In the year 1815 the Big Sweep was flogged from New Gate to the Royal Exchange for having put fire in a grate under one of his climbing boys to force him up the chimney to sweep it. The pressure of the crowd on the Exchange against the Rails, forced it to give way, it fell out, some persons were killed and several wounded. The writer was on the outside of the rails when the Sweep was coming up Parliament St. He fortunately jumped down and went up on the steps which saved him from consequence; the Exchange rails at that time came a great way forward from its present position – this was in 1815. ‘Twas supposed Watty Cox’s pillory was the cause that shook the railing.

<snip>

Coming now to the time of a whispered wish of George IV to visit Ireland in the year 1820 – I can relate the correct circumstance of that whispered desire. My father who at that time lived in Chamber St. in the Liberty of Dublin – a woollen manufacturer – was a person highly respected and possessed of immense influence among the great population of that manufacturing locality. It can be said to be the part of Dublin at that time to command the popular expression. I can well remember a letter being brought on a Saturday night in December, 1820 to my father. That letter came from a high up gentleman who was much attached to my father on account of his general correctness and information on many important affairs. That letter was brought by a special servant from Mr. T. Nolan from the house of Harty’s in Westmoreland St. at that time. This letter to my father was worded to this effect:

“My dear Billy,
Go you and get an early Mass tomorow Sunday morning – I ‘will go also to Trinity college Church to get service – come down to Westmoreland St. soon after breakfast as you can for I want to see you particularly on most important business.
T.N.”

My father handed me that letter to read, saying to me, “If you are not too lazy to get up in the morning and go to Mass and come with me, you who so well know who Mr. Nolan is and with whom you were once on a visit for seven months when a boy in 1813-14.” I was delighted to have the opportunity to go with my father and was in Westmoreland St. before 10 o’clock. We were ushered into the Drawing room. Soon after, Mr. Nolan came in – after the usual kindly welcome he sat down and produced a letter which he had received from Sir Benjamin Broomfield, the private Sec. to George IV and the intimate friend of Mr. Nolan. The purport of that letter was to this effect – The Queen’s trial, brought by George IV and his then Government to accuse his Queen of immorality and get a divorce, having completely failed, and public opinion, particularly in England, having set in against the King – in order to allay it, the letter of Sir B. Broomfield was to stir up Irish feeling to invite the King to come pay his Irish people a visit. Mr. Nolan knew well my father’s popularity and influence in the Liberty and if they could be set in motion to agitate the question “’twas sure to be accomplished”. About 12 o’clock on that same Sunday a few more friends arrived, and the subject was discussed. The result was, a meeting of those few bringing with them a few other friends took place in the same week at Morrisson’s Hotel in Dawson St., from which a resolution was sent to  the then Evening Post stating a few friends had met there whose patriotic desire was to invite the King to visit Ireland. ”

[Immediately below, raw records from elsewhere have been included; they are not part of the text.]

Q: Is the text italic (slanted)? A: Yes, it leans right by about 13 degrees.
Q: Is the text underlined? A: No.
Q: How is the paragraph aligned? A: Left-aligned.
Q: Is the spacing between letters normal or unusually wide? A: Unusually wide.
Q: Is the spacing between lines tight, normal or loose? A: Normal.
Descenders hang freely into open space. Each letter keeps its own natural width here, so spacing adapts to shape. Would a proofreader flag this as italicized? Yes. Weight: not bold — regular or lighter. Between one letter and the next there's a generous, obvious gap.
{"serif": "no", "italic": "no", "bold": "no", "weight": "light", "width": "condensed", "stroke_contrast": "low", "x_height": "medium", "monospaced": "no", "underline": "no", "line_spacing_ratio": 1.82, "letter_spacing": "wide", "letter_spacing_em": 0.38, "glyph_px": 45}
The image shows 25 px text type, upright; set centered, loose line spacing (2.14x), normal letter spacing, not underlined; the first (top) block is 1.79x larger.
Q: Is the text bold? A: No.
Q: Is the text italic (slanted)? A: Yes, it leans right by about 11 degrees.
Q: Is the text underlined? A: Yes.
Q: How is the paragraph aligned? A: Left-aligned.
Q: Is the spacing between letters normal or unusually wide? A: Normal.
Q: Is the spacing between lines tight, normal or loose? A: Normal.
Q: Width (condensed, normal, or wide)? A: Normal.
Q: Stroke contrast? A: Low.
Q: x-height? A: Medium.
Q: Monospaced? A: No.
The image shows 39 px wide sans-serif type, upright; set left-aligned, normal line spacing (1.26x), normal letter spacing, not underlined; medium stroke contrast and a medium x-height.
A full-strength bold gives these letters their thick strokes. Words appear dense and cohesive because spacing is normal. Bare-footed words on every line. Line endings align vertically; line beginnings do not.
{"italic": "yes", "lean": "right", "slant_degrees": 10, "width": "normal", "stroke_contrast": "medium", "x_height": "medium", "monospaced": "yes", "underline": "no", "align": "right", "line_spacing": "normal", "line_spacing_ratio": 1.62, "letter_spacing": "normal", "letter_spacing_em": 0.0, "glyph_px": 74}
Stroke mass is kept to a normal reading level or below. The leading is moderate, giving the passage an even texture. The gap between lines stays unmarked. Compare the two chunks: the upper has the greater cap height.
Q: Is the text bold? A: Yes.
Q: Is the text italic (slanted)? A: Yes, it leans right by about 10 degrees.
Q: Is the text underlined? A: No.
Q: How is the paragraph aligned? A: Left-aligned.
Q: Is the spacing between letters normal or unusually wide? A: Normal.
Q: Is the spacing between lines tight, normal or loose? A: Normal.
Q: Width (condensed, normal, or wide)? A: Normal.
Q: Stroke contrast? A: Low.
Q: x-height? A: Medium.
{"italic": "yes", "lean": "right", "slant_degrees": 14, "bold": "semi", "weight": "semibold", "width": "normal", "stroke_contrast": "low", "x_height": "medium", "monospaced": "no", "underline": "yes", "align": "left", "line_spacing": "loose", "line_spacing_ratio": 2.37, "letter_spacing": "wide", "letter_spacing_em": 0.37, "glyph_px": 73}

Thousands of signatures were obtained and this was forwarded to His Majesty and he came in August 1821.

“The occasion of the visit needs no language to speak of it. It was one of the most magnificent displays ever seen. On his entry from the Vice Regal Lodge in the Phoenix Park along the North Circular Rd. into Dublin through Sackville St. to the Castle. The day was beautifully fine. Sir Abraham Bradley King the Lord Mayor under the Triumphal Arch at the top of Sackville St. presenting the Keys of the City to his Majesty was a gem.”